A very rare entry from inside the US for me. Came down to Atlanta last week to do some work for the CDC Foundation. I worked for them this past summer in Kenya, so it was interesting to see the other side of things here in the US. Spent the week interviewing and photographing scientists and researchers at the CDC labs, which are as impressive as you’d expect them to be. Thursday last week I interviewed Bernie Marcus, the co-founder of Home Depot, and a major contributor to the CDC.
But today, I spoke with Dr. Joe Boone, who had worked for the CDC for 32 years. Now he works for a science and technology company here in Atlanta as a sort of relationship manager between the CDC and the company he works for. During his time at the CDC he worked with a woman named Louise Martin – a veterinarian for the CDC who was killed in the bombing of the US embassy in Nairobi in 1998. After her death, friends and colleagues started an endowment to honor her memory, which pays the way for African girls to go to school each year. Dr. Boone has encouraged his new employer to contribute to the fund, which is managed by the CDC Foundation.

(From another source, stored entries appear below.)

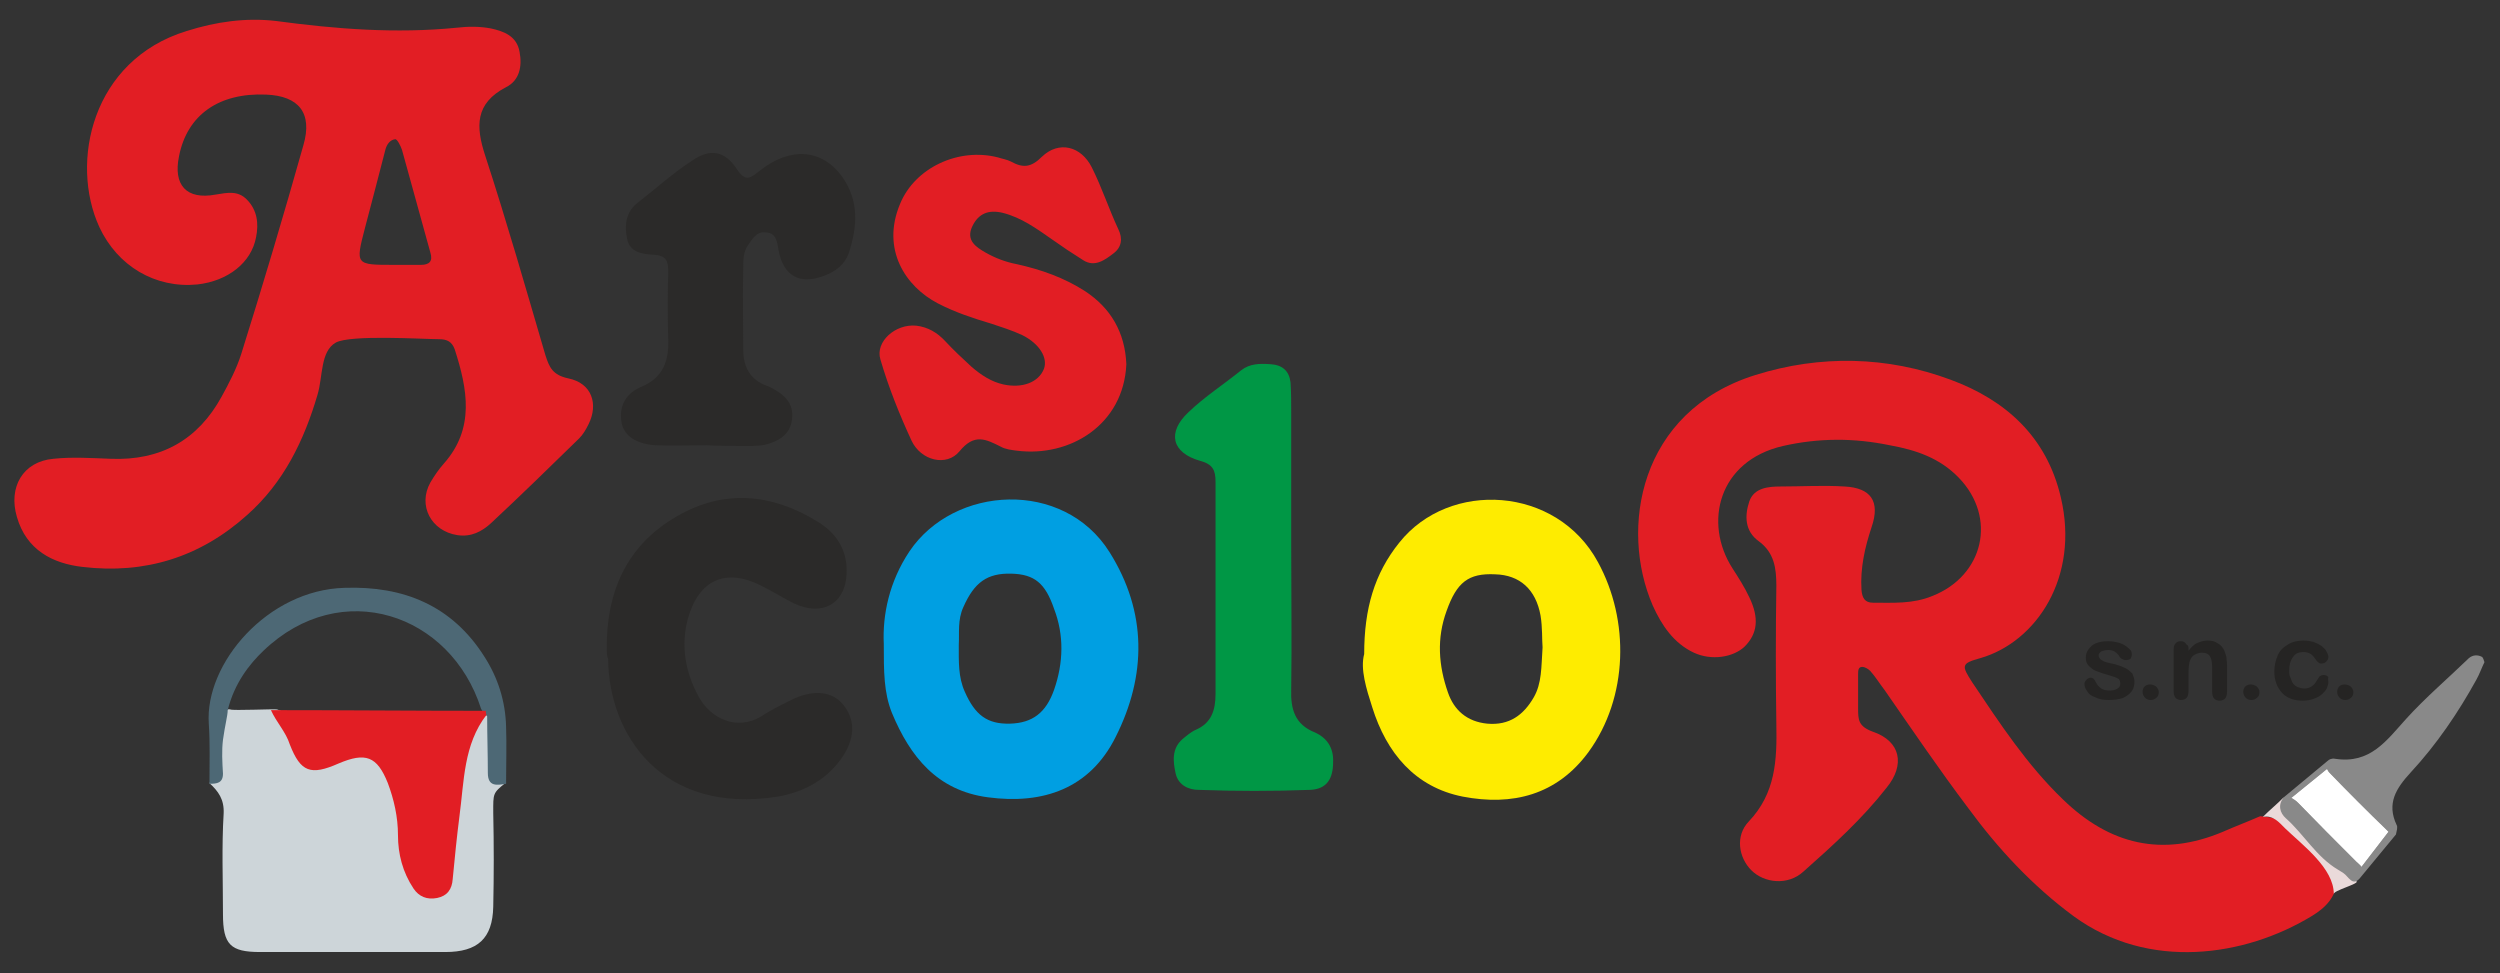 <?xml version="1.0" encoding="utf-8"?>
<!-- Generator: Adobe Illustrator 24.0.1, SVG Export Plug-In . SVG Version: 6.00 Build 0)  -->
<svg version="1.1" xmlns="http://www.w3.org/2000/svg" xmlns:xlink="http://www.w3.org/1999/xlink" x="0px" y="0px"
	 viewBox="0 0 370 144" style="enable-background:new 0 0 370 144;" xml:space="preserve">
<rect x="0" y="0" width="370" height="144" fill="#333333" stroke="none"/>
<style type="text/css">
	.st0{fill:#E21E24;}
	.st1{fill:#CDD5D9;}
	.st2{fill:#2B2A29;}
	.st3{fill:#009745;}
	.st4{fill:#4D6875;}
	.st5{fill:#EADADA;}
	.st6{fill:#FEEC00;}
	.st7{fill:#009FE2;}
	.st8{fill:#898989;}
	.st9{fill:#252423;}
	.st10{fill:#FFFFFF;}
</style>
<g id="Livello_1">
</g>
<g id="Modalità_Isolamento">
	<g>
		<path class="st0" d="M345.9,130.1c-0.1,2.7-1.8,4.3-3.8,5.5c-9.9,6-24.1,8.1-35.2,0c-6.1-4.5-11.2-10-15.6-16
			c-4.3-5.7-8.3-11.6-12.4-17.5c-0.7-0.9-1.3-1.9-2.1-2.8c-0.3-0.3-0.8-0.6-1.2-0.6c-0.6,0-0.6,0.6-0.6,1.1c0,1.7,0,3.3,0,5
			c0,1.7,0,2.7,2.2,3.5c4.1,1.4,4.8,4.9,2,8.3c-3.6,4.6-7.9,8.5-12.3,12.4c-2.3,2.1-5.8,1.7-7.7-0.2c-1.9-1.9-2.4-5.1-0.4-7.2
			c4-4.2,4.2-9.1,4.1-14.4c-0.1-6.8-0.1-13.7,0-20.5c0-2.6-0.3-4.9-2.6-6.6c-2.1-1.5-2.1-3.8-1.4-5.9c0.7-2,2.8-2.2,4.6-2.2
			c3.2,0,6.3-0.2,9.5,0c3.9,0.2,5.3,2.2,4,6c-1,3-1.7,6.1-1.5,9.3c0.1,1.2,0.5,1.9,1.7,1.9c3,0,5.9,0.2,8.8-1
			c7.6-3,9.6-11.6,3.9-17.5c-2.8-2.9-6.3-4.1-10.2-4.8c-5.3-1.1-10.5-1.1-15.8,0.1c-9.6,2.2-11.8,11.4-7.5,18.1
			c0.9,1.4,1.8,2.8,2.5,4.3c1.5,3.1,1.2,5.4-0.7,7.3c-1.7,1.6-4.9,2.1-7.5,0.9c-3-1.4-4.8-4.1-6.1-7c-4.9-11.3-2.1-28.7,15.2-34.1
			c9.6-3,19.5-2.8,28.9,0.7c8.1,3,14.2,8.4,16.3,17.4c2.8,11.8-3.6,21.4-11.9,23.8c-2.9,0.8-2.8,1.1-1.2,3.6
			c4.1,6.1,8.1,12.2,13.4,17.3c6.9,6.7,14.7,8.6,23.7,4.8c1.8-0.8,3.7-1.5,5.5-2.3C340.9,121.2,343.1,126.1,345.9,130.1z"/>
		<path class="st0" d="M166.7,53.9c-0.4,9-8.4,13.8-16.2,12.8c-0.8-0.1-1.7-0.2-2.4-0.6c-2.2-1.1-3.9-2-6.1,0.7
			c-1.9,2.3-5.7,1.4-7.1-1.6c-1.8-3.9-3.4-7.9-4.6-12c-0.8-2.6,2.2-5.3,5.3-5c1.7,0.2,3.1,1,4.3,2.3c1.2,1.3,2.6,2.6,3.9,3.8
			c1.4,1.2,2.9,2.2,4.7,2.6c2.8,0.6,5.2-0.3,6-2.3c0.6-1.6-0.6-3.7-3.2-5c-1.5-0.7-3.1-1.2-4.6-1.7c-2.7-0.8-5.4-1.7-7.9-3
			c-4.8-2.5-8.4-8-5.6-14.7c2.2-5.4,8.7-8.4,14.5-6.9c0.6,0.2,1.3,0.3,1.9,0.6c1.8,1,3,0.9,4.6-0.7c2.5-2.4,5.8-1.6,7.4,1.6
			c1.5,3,2.5,6.1,3.9,9.1c0.7,1.4,0.5,2.7-0.7,3.6c-1.3,1-2.8,2.1-4.5,1c-1.6-1-3.1-2-4.5-3c-2.3-1.6-4.6-3.3-7.4-4
			c-2.1-0.5-3.6,0.1-4.5,2c-1,2.1,0.6,3.1,2,3.9c1.4,0.8,3,1.4,4.6,1.7c3.6,0.8,7,2,10.1,4C164.4,45.6,166.5,49.2,166.7,53.9z"/>
		<path class="st1" d="M74.9,115.8c-2,1.6-1.9,1.6-1.9,4.5c0.1,4.6,0.1,9.3,0,13.9c-0.1,4.7-2.3,6.7-7.1,6.7c-9.1,0-18.2,0-27.4,0
			c-4.4,0-5.5-1.1-5.5-5.6c0-5-0.2-10,0.1-14.9c0.1-2.1-0.8-3.3-2.1-4.5c1.8-2.4,0.9-11.5,3.1-10.9c0.3,0.2,6.7-0.1,6.9,0
			c5.2,1.5,5.4,8.7,12.3,6.2c2.6-1,4.3,2.4,5.5,4.9c1.6,3.4,1.1,7.2,2.1,10.7c0.4,1.6,0.8,3.7,2.8,3.7c2.2,0,1.9-2.4,2.2-3.9
			c0.9-4.9,0.8-10,2.1-14.8c0.6-2.4,0.6-5.5,4.1-6C74.6,108.8,71.9,113.1,74.9,115.8z"/>
		<path class="st2" d="M89.8,96.1c-0.1-8.4,2.9-15.4,10.4-19.7c6.9-4,14-3.4,20.8,0.8c2.5,1.5,4.2,3.8,4.3,6.9
			c0.2,5-3.3,7.3-7.8,5.2c-1.6-0.8-3.2-1.8-4.8-2.6c-5.3-2.7-9.3-0.9-10.9,4.9c-1.1,4.1-0.3,8,1.6,11.5c1.8,3.3,5.7,5.1,9.3,2.9
			c1.5-1,3.2-1.8,4.8-2.6c3.1-1.4,5.8-1,7.3,0.9c1.7,2.1,1.8,4.6,0.1,7.4c-2.3,3.6-5.8,5.5-9.8,6.2c-17.1,2.7-25-9.1-25.1-20.4
			C89.8,97.1,89.8,96.6,89.8,96.1z"/>
		<path class="st2" d="M104.5,65.9c-2.5,0-5,0.1-7.5,0c-2.9-0.2-4.6-1.4-5-3.3c-0.4-2.1,0.3-4.2,2.8-5.3c3.4-1.4,4.2-3.9,4.1-7.1
			c-0.1-3.3-0.1-6.7,0-10c0-1.6-0.3-2.4-2.2-2.5c-1.6-0.1-3.5-0.3-3.9-2.4c-0.4-2-0.2-4,1.7-5.4c2.6-2,5.1-4.3,7.9-6.1
			c2.7-1.9,4.9-1.5,6.7,1.3c1.3,1.9,2,1.2,3.3,0.2c4.5-3.6,9.2-3.3,12.2,0.8c2.6,3.6,2.3,7.5,1,11.4c-0.6,1.7-2,2.7-3.6,3.3
			c-3.6,1.4-6.1,0.1-6.8-3.9c-0.2-1.3-0.4-2.4-1.8-2.5c-1.4-0.2-2,0.9-2.7,1.9c-0.7,1-0.7,2.2-0.7,3.4c-0.1,4,0,8,0,12
			c0,2.6,1,4.5,3.5,5.4c0.6,0.2,1.2,0.6,1.7,0.9c1.5,1,2.3,2.3,2,4.2c-0.3,1.9-1.5,2.8-3.2,3.4c-1.1,0.4-2.3,0.4-3.4,0.4
			C108.5,66,106.5,66,104.5,65.9C104.5,66,104.5,66,104.5,65.9z"/>
		<path class="st3" d="M191.1,81c0,7,0.1,14,0,21c-0.1,2.9,0.5,5.2,3.5,6.4c1.8,0.8,2.8,2.3,2.7,4.4c0,2.4-0.9,4-3.4,4.1
			c-5.5,0.2-11,0.2-16.5,0c-1.5,0-3-0.7-3.4-2.4c-0.4-1.8-0.6-3.7,1-5.1c0.6-0.5,1.3-1.1,2-1.4c2.3-1,2.9-2.9,2.9-5.3
			c0-10.5,0-21,0-31.4c0-1.7-0.4-2.6-2.3-3.1c-4.2-1.2-4.9-4.2-1.7-7.2c2.4-2.3,5.2-4.1,7.8-6.2c1.3-1,2.7-1,4.3-0.9
			c1.8,0.1,2.8,1,3,2.7c0.1,1.5,0.1,3,0.1,4.5C191.1,67.7,191.1,74.4,191.1,81z"/>
		<path class="st4" d="M33.7,105.1c0,0.8-0.4,2.2-0.7,4.4c-0.2,1.6-0.1,3.3,0,5c0,1.4-0.9,1.5-2,1.5c0-3,0.1-6-0.1-8.9
			C30.3,98.2,39.6,87.3,51,87c8.7-0.3,15.9,2.6,20.7,10.2c2,3.1,3.1,6.6,3.2,10.3c0.1,2.8,0,5.6,0,8.5c-1.3,0.2-2.7,0.5-2.7-1.6
			c0-2.8-0.1-5.6-0.1-8.4c-0.4-0.3-0.7-0.7-0.9-1.1C66.7,90.8,50.5,85.3,39,96.3C36.9,98.3,34.7,101.1,33.7,105.1z"/>
		<path class="st5" d="M338,118c-0.4,1.6,0.8,2.4,1.7,3.3c2.3,2.3,7.4,6.4,9.1,9.2c0,0.4-3.4,1.3-3.4,1.8c0-3.8-4.6-7.2-7.2-9.7
			c-0.9-0.9-1.8-2-3.3-1.7C335.9,119.9,337,119,338,118z"/>
		<path class="st0" d="M84.1,56c-2.3-0.5-2.8-1.6-3.4-3.5c-2.9-9.9-5.7-19.7-8.9-29.5c-1.4-4.3-1.5-7.7,3.1-10.1c2-1,2.4-3.1,2-5.2
			c-0.4-2.4-2.4-3.1-4.3-3.5c-1.6-0.3-3.3-0.3-5-0.1c-9,0.9-17.9,0.2-26.8-1C36.4,2.6,32,3.2,27.6,4.6c-14,4.3-17.3,19.4-12.9,29
			c2.7,5.8,8.3,9.1,14.5,8.5c4.5-0.5,8-3.2,8.7-7c0.4-2,0.2-4-1.4-5.6c-1.3-1.3-2.8-1-4.6-0.7c-4.3,0.8-6.3-1.4-5.4-5.7
			c1.2-6.1,5.9-9.4,12.9-9.1c4.8,0.2,6.9,2.7,5.5,7.5c-2.9,10.3-6,20.7-9.2,30.9c-0.7,2.2-1.8,4.3-2.9,6.3c-3.5,6.4-9,9.5-16.4,9.2
			c-2.8-0.1-5.7-0.3-8.5,0c-4.5,0.4-6.7,4.2-5.4,8.6c1.4,4.9,5.3,6.9,9.7,7.4c9.2,1.1,17.4-1.4,24.4-7.7c5.4-4.8,8.4-11,10.4-17.8
			c0.8-2.7,0.4-6.4,2.7-7.7c2.2-1.2,13-0.5,15.3-0.5c1.2,0,1.9,0.4,2.3,1.5c1.9,5.9,3,11.7-1.6,16.9c-0.8,0.9-1.4,1.8-2,2.8
			c-1.9,3.4,0.1,7.2,4,7.8c2,0.3,3.6-0.5,5-1.8c4.4-4.1,8.7-8.3,13-12.5c0.6-0.6,1-1.3,1.4-2.1C88.6,59.8,87.6,56.7,84.1,56z
			 M62.3,39.2c-1.3,0-2.6,0-4,0c-5.7,0-5.7,0-4.3-5.4c1-3.8,2-7.6,3-11.5c0.2-0.9,0.7-1.6,1.5-1.7c0.3,0,0.8,1,1,1.6
			c1.4,5.1,2.8,10.1,4.2,15.2C64.1,38.7,63.5,39.2,62.3,39.2z"/>
		<path class="st6" d="M236.5,83.2c-6.1-11.3-22-12.2-29.4-2.9c-3.7,4.6-5.2,9.8-5.2,16.5c-0.6,2.2,0.3,5.1,1.2,7.9
			c2.1,6.7,6.3,11.8,13.4,13.2c7.3,1.4,13.9-0.2,18.6-6.6C241,103.2,241.2,91.8,236.5,83.2z M227,103.2c-1.5,2.6-3.6,4.2-6.9,3.9
			c-3-0.3-4.9-2-5.8-4.6c-1.4-4-1.7-8-0.2-12.1c1.5-4.2,3.2-5.6,7.2-5.4c3.6,0.1,6,2.2,6.7,6.1c0.3,1.8,0.2,3.6,0.3,4.7
			C228.1,98.8,228.2,101.1,227,103.2z"/>
		<path class="st7" d="M164.2,81.7c-6.8-10.8-23-9.9-29.6-0.1c-3,4.5-4,9.4-3.8,13.7c0,4.1,0,7.2,1.2,10.2
			c2.7,6.5,6.7,11.5,14.2,12.5c8.2,1.1,15.1-1.3,18.9-8.9C169.7,100,169.8,90.6,164.2,81.7z M156,102.1c-1.2,3.4-3.2,4.9-6.5,5
			c-3.4,0.1-5.2-1.3-6.7-4.7c-1-2.2-0.9-4.5-0.9-7c0.1-1.7-0.2-3.7,0.7-5.6c1.6-3.6,3.5-5,7.1-4.9c3.4,0.1,5,1.4,6.3,5.2
			C157.5,94,157.4,98.1,156,102.1z"/>
		<path class="st0" d="M40.1,105.1c10.6,0,21.2,0.1,31.8,0.1c0,0.2,0,0.4,0.1,0.6c-3.4,4.4-3.3,9.8-4,15c-0.4,3.1-0.7,6.2-1,9.3
			c-0.1,1.5-0.8,2.5-2.3,2.8c-1.5,0.3-2.7-0.2-3.5-1.4c-1.6-2.4-2.3-5.1-2.3-7.9c0-2.7-0.6-5.3-1.5-7.7c-1.6-4-3.3-4.6-7.3-2.9
			c-4.1,1.8-5.6,1.3-7.2-2.8C42.3,108.3,40.9,106.9,40.1,105.1z"/>
		<path class="st8" d="M367.3,97.2c-0.6-0.3-1.3-0.3-1.9,0.2c-3.1,3-6.4,5.8-9.3,9c-2.9,3.2-5.3,6.7-10.5,5.9
			c-0.5-0.1-0.9,0.1-1.1,0.3l0,0L338,118c-0.9,1.1-0.6,2.3,0.3,3.1c2.7,2.4,4.5,5.7,7.7,7.6c0.3,0.2,0.5,0.3,0.8,0.5
			c0.8,0.5,1.4,2.2,2.6,0.6l5.2-6.3c0.1-0.5,0.3-1.1,0.1-1.4c-1.5-3.2-0.1-5.4,2.1-7.8c3.8-4.1,7-8.8,9.7-13.7
			c0.5-0.9,0.8-1.8,1.2-2.6C367.6,97.7,367.5,97.3,367.3,97.2z M349.5,128.3c-0.2-0.3-0.5-0.5-0.8-0.8c-2.9-2.9-5.8-5.8-8.6-8.7
			c-0.3-0.3-0.6-0.5-1-0.7l5.3-4.3c0.1,0.2,0.2,0.4,0.4,0.6c2.8,2.9,5.6,5.7,8.5,8.5c0.1,0.1,0.1,0.1,0.2,0.2L349.5,128.3z"/>
		<g>
			<path class="st9" d="M315.9,100.8c0,0.6-0.1,1.1-0.4,1.5s-0.7,0.7-1.3,1c-0.6,0.2-1.3,0.3-2.1,0.3c-0.8,0-1.4-0.1-2-0.4
				c-0.6-0.2-1-0.5-1.2-0.9c-0.3-0.4-0.4-0.7-0.4-1.1c0-0.2,0.1-0.4,0.3-0.6s0.4-0.3,0.6-0.3c0.2,0,0.4,0.1,0.5,0.2
				c0.1,0.1,0.2,0.3,0.3,0.5c0.2,0.4,0.5,0.7,0.8,0.9c0.3,0.2,0.7,0.3,1.3,0.3c0.4,0,0.8-0.1,1.1-0.3s0.4-0.4,0.4-0.7
				c0-0.4-0.1-0.7-0.4-0.8c-0.3-0.2-0.8-0.3-1.4-0.5c-0.7-0.2-1.3-0.4-1.8-0.6s-0.8-0.5-1.1-0.8c-0.3-0.3-0.4-0.7-0.4-1.2
				c0-0.4,0.1-0.8,0.4-1.2c0.3-0.4,0.6-0.7,1.1-0.9c0.5-0.2,1.1-0.3,1.8-0.3c0.6,0,1.1,0.1,1.5,0.2c0.4,0.1,0.8,0.3,1.1,0.5
				c0.3,0.2,0.5,0.4,0.7,0.6s0.2,0.5,0.2,0.7c0,0.2-0.1,0.5-0.2,0.6s-0.4,0.2-0.7,0.2c-0.2,0-0.4-0.1-0.6-0.2
				c-0.2-0.1-0.3-0.3-0.5-0.6c-0.2-0.2-0.4-0.4-0.6-0.5s-0.5-0.2-0.9-0.2c-0.4,0-0.7,0.1-1,0.2c-0.3,0.2-0.4,0.4-0.4,0.6
				c0,0.2,0.1,0.4,0.3,0.6c0.2,0.1,0.4,0.3,0.8,0.4c0.3,0.1,0.8,0.2,1.3,0.3c0.7,0.2,1.2,0.4,1.6,0.6s0.7,0.5,1,0.8
				C315.7,100,315.9,100.4,315.9,100.8z"/>
			<path class="st9" d="M318.3,103.6c-0.3,0-0.6-0.1-0.8-0.3s-0.4-0.5-0.4-0.9c0-0.3,0.1-0.6,0.3-0.8c0.2-0.2,0.5-0.3,0.8-0.3
				c0.3,0,0.6,0.1,0.9,0.3c0.2,0.2,0.4,0.5,0.4,0.8c0,0.4-0.1,0.7-0.4,0.9C318.9,103.5,318.6,103.6,318.3,103.6z"/>
			<path class="st9" d="M323.9,96v0.3c0.4-0.5,0.8-0.9,1.2-1.1c0.5-0.2,1-0.4,1.6-0.4c0.6,0,1.1,0.1,1.5,0.4c0.4,0.2,0.8,0.6,1,1.1
				c0.1,0.3,0.2,0.5,0.3,0.9c0,0.3,0.1,0.7,0.1,1.2v4c0,0.4-0.1,0.8-0.3,1c-0.2,0.2-0.5,0.3-0.8,0.3c-0.3,0-0.6-0.1-0.8-0.3
				c-0.2-0.2-0.3-0.6-0.3-1v-3.6c0-0.7-0.1-1.3-0.3-1.6c-0.2-0.4-0.6-0.6-1.2-0.6c-0.4,0-0.7,0.1-1.1,0.3s-0.5,0.5-0.7,0.9
				c-0.1,0.3-0.2,0.9-0.2,1.8v2.7c0,0.4-0.1,0.8-0.3,1s-0.5,0.3-0.8,0.3c-0.3,0-0.6-0.1-0.8-0.3c-0.2-0.2-0.3-0.6-0.3-1v-6.2
				c0-0.4,0.1-0.7,0.3-0.9s0.4-0.3,0.7-0.3c0.2,0,0.4,0,0.5,0.1c0.2,0.1,0.3,0.2,0.4,0.4C323.9,95.5,323.9,95.8,323.9,96z"/>
			<path class="st9" d="M333.2,103.6c-0.3,0-0.6-0.1-0.8-0.3s-0.4-0.5-0.4-0.9c0-0.3,0.1-0.6,0.3-0.8c0.2-0.2,0.5-0.3,0.8-0.3
				c0.3,0,0.6,0.1,0.9,0.3c0.2,0.2,0.4,0.5,0.4,0.8c0,0.4-0.1,0.7-0.4,0.9C333.8,103.5,333.5,103.6,333.2,103.6z"/>
			<path class="st9" d="M344.6,100.9c0,0.3-0.1,0.6-0.2,0.9s-0.4,0.6-0.7,0.9c-0.3,0.3-0.7,0.5-1.2,0.7s-1.1,0.3-1.7,0.3
				c-1.3,0-2.4-0.4-3.1-1.2c-0.7-0.8-1.1-1.8-1.1-3.1c0-0.9,0.2-1.7,0.5-2.4s0.8-1.2,1.5-1.6c0.6-0.4,1.4-0.6,2.3-0.6
				c0.6,0,1.1,0.1,1.5,0.2c0.5,0.2,0.9,0.4,1.2,0.6c0.3,0.3,0.6,0.5,0.7,0.8c0.2,0.3,0.3,0.6,0.3,0.8c0,0.3-0.1,0.5-0.3,0.7
				c-0.2,0.2-0.4,0.3-0.7,0.3c-0.2,0-0.3,0-0.4-0.1c-0.1-0.1-0.3-0.2-0.4-0.4c-0.3-0.4-0.5-0.7-0.8-0.9c-0.3-0.2-0.7-0.3-1.1-0.3
				c-0.6,0-1.2,0.2-1.5,0.7c-0.4,0.5-0.6,1.2-0.6,2c0,0.4,0,0.8,0.2,1.1c0.1,0.3,0.2,0.6,0.4,0.9c0.2,0.2,0.4,0.4,0.7,0.5
				c0.3,0.1,0.6,0.2,0.9,0.2c0.4,0,0.8-0.1,1.1-0.3c0.3-0.2,0.6-0.5,0.8-0.9c0.1-0.2,0.3-0.4,0.4-0.6c0.2-0.1,0.3-0.2,0.6-0.2
				c0.3,0,0.5,0.1,0.7,0.3C344.5,100.5,344.6,100.7,344.6,100.9z"/>
			<path class="st9" d="M347.1,103.6c-0.3,0-0.6-0.1-0.8-0.3s-0.4-0.5-0.4-0.9c0-0.3,0.1-0.6,0.3-0.8c0.2-0.2,0.5-0.3,0.8-0.3
				c0.3,0,0.6,0.1,0.9,0.3c0.2,0.2,0.4,0.5,0.4,0.8c0,0.4-0.1,0.7-0.4,0.9C347.7,103.5,347.4,103.6,347.1,103.6z"/>
		</g>
		<path class="st10" d="M349.5,128.3c-0.2-0.3-0.5-0.5-0.8-0.8c-2.9-2.9-5.8-5.8-8.6-8.7c-0.3-0.3-0.6-0.5-1-0.7l5.3-4.3
			c0.1,0.2,0.2,0.4,0.4,0.6c2.8,2.9,5.6,5.7,8.5,8.5c0.1,0.1,0.1,0.1,0.2,0.2L349.5,128.3z"/>
	</g>
</g>
</svg>

The story is interesting to me in particular because I know the girls who are going to school in Kenya thanks to the Martin Scholarship. I met them on my trip there last summer. It is, from the shiny glass and steel office buildings of down town Atlanta, one of those brief melding of your two worlds that you experience when you do this sort of work long enough – a connection to some part of what feels like another life when you leave someplace like Africa and come back to the US.